Unlike business, government has no competition. I don’t have multiple choices of where I can get a drivers license or record a deed. Business has to operate under margins (budgets to government) and must be profitable in spite of the changes in the cost of doing business. Customers do not have to do business with anyone if they choose not to. Few people can go for any length of time without dealing with the government in some capacity.

In fact, government is intentionally set up so you have to deal with it. Does my car really need a license plate that must be renewed each year? Can’t they just stamp a permanent one on my car and I can add it to my state or federal income tax? Airlines are private entities, why a tax when I fly? Airlines can’t pay for air traffic controllers? Many airports are removing TSA and doing luggage checks with private companies. Cell phone companies maintain their own devices and towers why a tax on my phone?

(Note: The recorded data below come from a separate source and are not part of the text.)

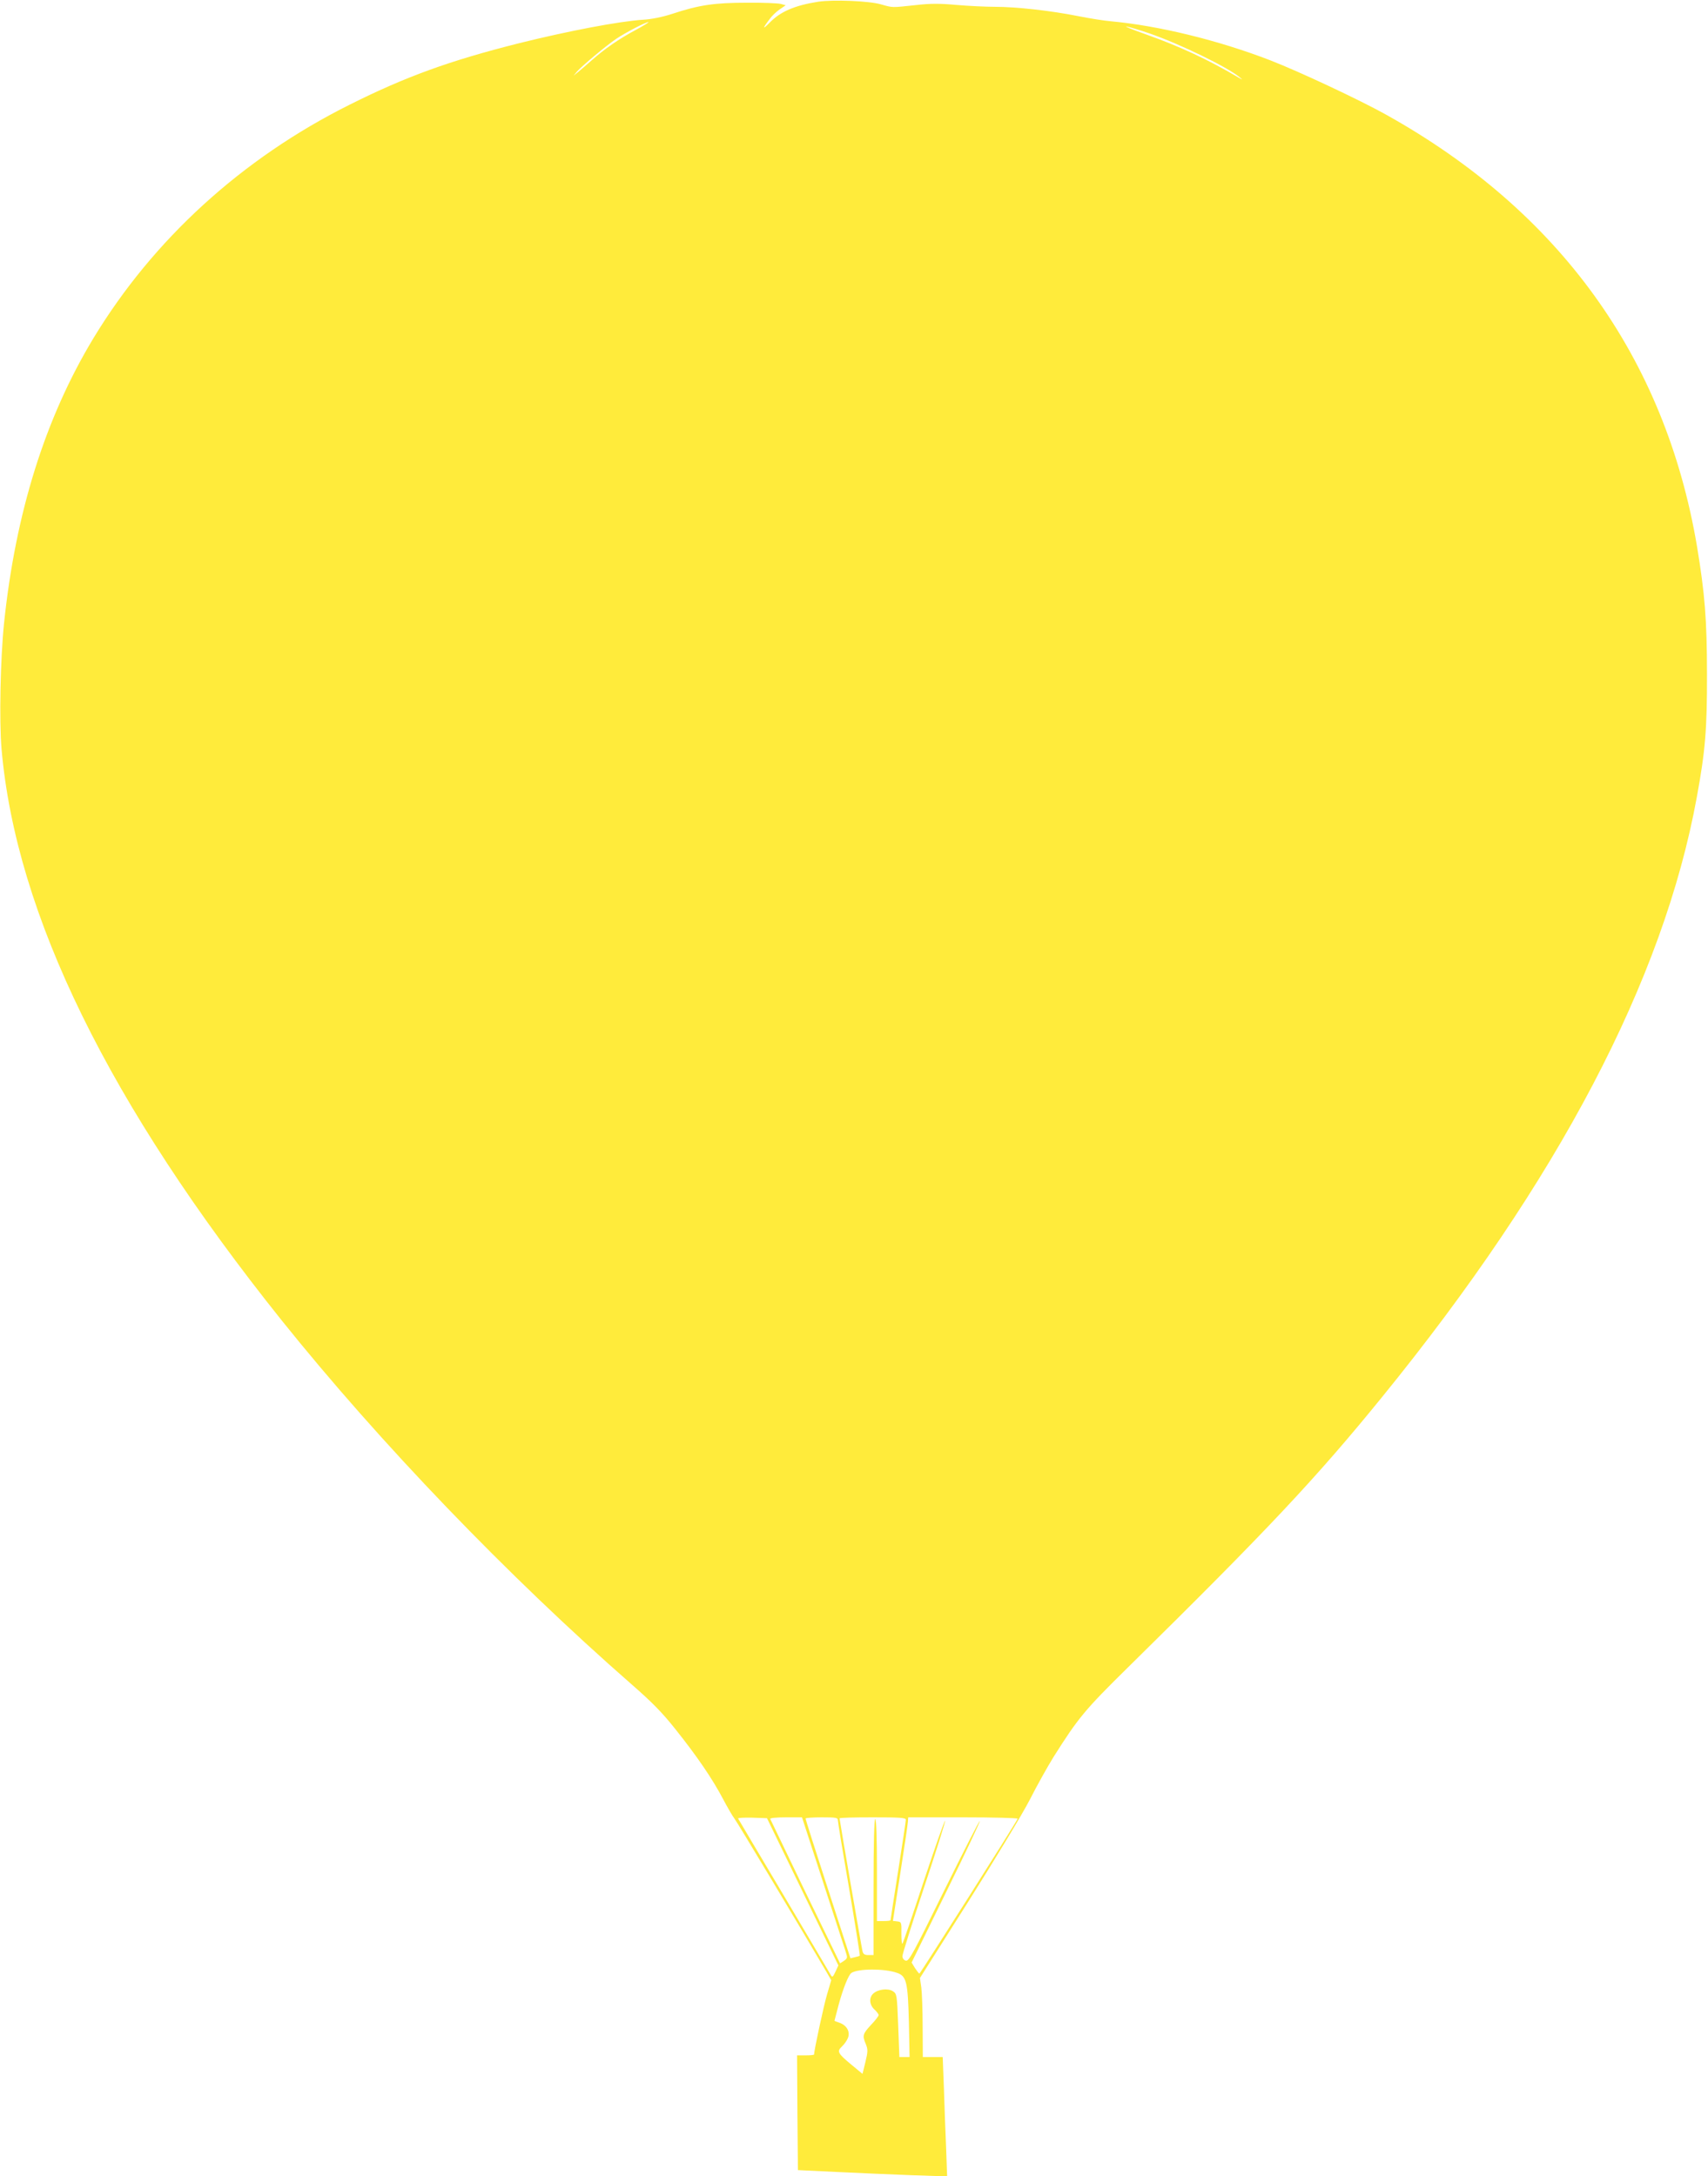 <?xml version="1.0" standalone="no"?>
<!DOCTYPE svg PUBLIC "-//W3C//DTD SVG 20010904//EN"
 "http://www.w3.org/TR/2001/REC-SVG-20010904/DTD/svg10.dtd">
<svg version="1.0" xmlns="http://www.w3.org/2000/svg"
 width="1005pt" height="1280pt" viewBox="0 0 1005 1280"
 preserveAspectRatio="xMidYMid meet">
<g transform="translate(0,1280) scale(0.1,-0.1)"
fill="#ffeb3b" stroke="none">
<path d="M4815 12790 c-139 -22 -223 -58 -286 -123 -43 -44 -44 -36 0 21 13
19 40 44 59 57 l35 24 -29 8 c-16 4 -105 8 -199 7 -189 0 -281 -13 -438 -65
-58 -19 -122 -32 -172 -35 -142 -9 -445 -67 -734 -139 -405 -102 -665 -196
-996 -362 -632 -316 -1153 -791 -1505 -1372 -284 -470 -458 -1026 -526 -1675
-22 -213 -29 -576 -15 -741 85 -975 633 -2092 1647 -3360 579 -722 1331 -1505
2063 -2145 118 -103 180 -166 258 -265 126 -158 216 -290 279 -410 26 -49 55
-99 64 -110 14 -16 410 -677 544 -906 l27 -47 -25 -85 c-20 -68 -76 -329 -76
-352 0 -3 -23 -5 -50 -5 l-50 0 2 -337 3 -338 230 -11 c127 -6 324 -15 439
-19 l209 -7 -6 169 c-4 92 -10 250 -13 350 l-7 183 -58 0 -59 0 -1 178 c0 97
-4 202 -8 232 l-8 55 285 450 c159 252 319 516 362 600 42 83 105 195 139 250
146 231 184 277 438 527 820 807 1108 1114 1495 1590 1036 1273 1656 2455
1852 3528 50 271 61 403 60 725 0 321 -13 476 -59 753 -188 1108 -808 1969
-1830 2538 -154 86 -510 253 -680 319 -305 118 -657 204 -940 230 -38 3 -124
17 -190 30 -159 32 -366 55 -490 55 -55 0 -157 5 -227 11 -100 9 -153 9 -240
-1 -143 -15 -132 -16 -203 4 -71 21 -282 29 -370 16z m-1074 -166 c-98 -52
-186 -113 -262 -181 -30 -26 -65 -57 -79 -68 l-25 -20 20 24 c28 32 170 151
230 192 55 37 174 99 190 99 6 0 -28 -21 -74 -46z m3024 -21 c179 -62 458
-198 530 -258 19 -16 19 -16 -6 -2 -179 106 -347 184 -544 254 -82 29 -134 50
-115 47 19 -4 80 -22 135 -41z m-2042 -10931 l210 -433 -17 -37 c-16 -34 -19
-35 -29 -17 -6 11 -130 220 -275 465 -146 245 -267 449 -269 453 -3 4 35 6 83
5 l87 -3 210 -433z m117 66 c67 -205 127 -392 135 -415 13 -40 12 -42 -9 -57
l-23 -15 -204 420 c-112 232 -205 425 -207 430 -2 5 38 9 92 9 l95 0 121 -372z
m90 355 c0 -10 30 -192 67 -406 36 -213 64 -389 62 -391 -2 -2 -16 -6 -30 -9
l-25 -6 -132 407 c-73 224 -132 410 -132 415 0 4 43 7 95 7 84 0 95 -2 95 -17z
m400 3 c0 -8 -20 -143 -45 -300 -25 -158 -45 -289 -45 -291 0 -3 -18 -5 -40
-5 l-40 0 0 300 c0 193 -4 300 -10 300 -6 0 -10 -140 -10 -400 l0 -400 -30 0
c-22 0 -31 5 -35 23 -6 24 -135 772 -135 781 0 4 88 6 195 6 160 0 195 -2 195
-14z m658 6 c-7 -20 -573 -911 -578 -911 -3 0 -14 14 -26 32 l-20 33 203 414
c112 227 201 415 198 418 -3 3 -97 -182 -210 -410 -182 -370 -207 -416 -225
-411 -12 3 -20 14 -20 27 0 12 58 196 129 409 71 213 126 387 122 387 -4 0
-61 -161 -126 -357 -65 -197 -121 -362 -125 -366 -4 -4 -6 23 -6 60 1 66 0 68
-25 71 l-25 3 43 277 c24 152 44 289 45 305 l2 27 324 0 c178 0 322 -4 320 -8z
m-712 -906 c58 -19 66 -52 72 -293 l4 -203 -30 0 -30 0 -7 186 c-7 181 -8 186
-31 201 -29 19 -87 12 -115 -13 -27 -24 -24 -66 6 -94 14 -13 25 -28 25 -33 0
-6 -20 -32 -45 -58 -49 -53 -52 -63 -30 -114 12 -31 12 -43 -3 -105 l-17 -69
-64 53 c-82 68 -88 79 -57 108 14 13 30 36 36 52 13 36 -8 73 -51 88 -16 5
-29 11 -29 11 0 1 11 43 24 92 27 100 59 179 76 190 41 26 194 26 266 1z"/>
</g>
</svg>

Ironically, government preys on business when it comes to government contracts. Anyone who has ever tried to bid on a government contract knows what I’m referring to. One of government’s jobs is to save taxpayer money and government bids often shut out the small business owner because of very small profit margins. Government helps the very group they are so quick to condemn — big business.

Unfair Competition by Government

In Bozeman, there are two trash companies. One maintained by the City of Bozeman, the other, a private company. Compare the two. The City of Bozeman could operate their trash pickup at a loss indefinitely. Other more efficient government services could pick up some of the slack. The private hauler doesn’t have that option. The City can be very competitive in their pricing while the private company has to have some profit in order to keep the doors open.

There are two private companies in Bozeman that pick up recycled materials. The City of Bozeman is now competing against them.

Business Profits vs. Government Profits

Businesses have to be profitable to survive. And being big is no guarantee that you will open your doors the following day. Circuit City, Linen’s and Things, Mervyn’s, Border’s Books, Montgomery Ward were all multi-million dollar companies, and are all out of business.

Should governments make a profit? In my opinion, — absolutely. A couple of years ago Montana had a billion dollar surplus. The Clinton administration left a surplus. TARP returned about a 5% profit. The federal government buys bonds.

So yes, not only can government make a profit, they have an obligation to make a profit. The more profit the government can make the less burden there will be on the rank and file taxpayer.

Some Final Thoughts

Government is a lot like an octopus. Some arms work better than others. Due to the lack of competition, and the ability to spend what they don’t have, makes government extremely inefficient in most cases. You could try to run government like a business, but where is the incentive to be profitable? If you run your department under budget you won’t get as much next year, so your incentive is to spend every single dime before your next budget.

Business, on the other hand, must watch every penny and run mean and lean. Business invests its surpluses; government spends them. Business conserves; government waste is undeniable. Businesses rarely have overlapping policies or procedures. Government has 126 separate agencies that administer some type of poverty programs.

Business investors tend to vote out boards of directors that send the company in the wrong direction. Voters, for some strange reason, keep sending the same board of directors back to Washington every two years.

The question is probably not, “Should government be run like a business?” The question should be, “Can we STOP doing business as usual in Washington?”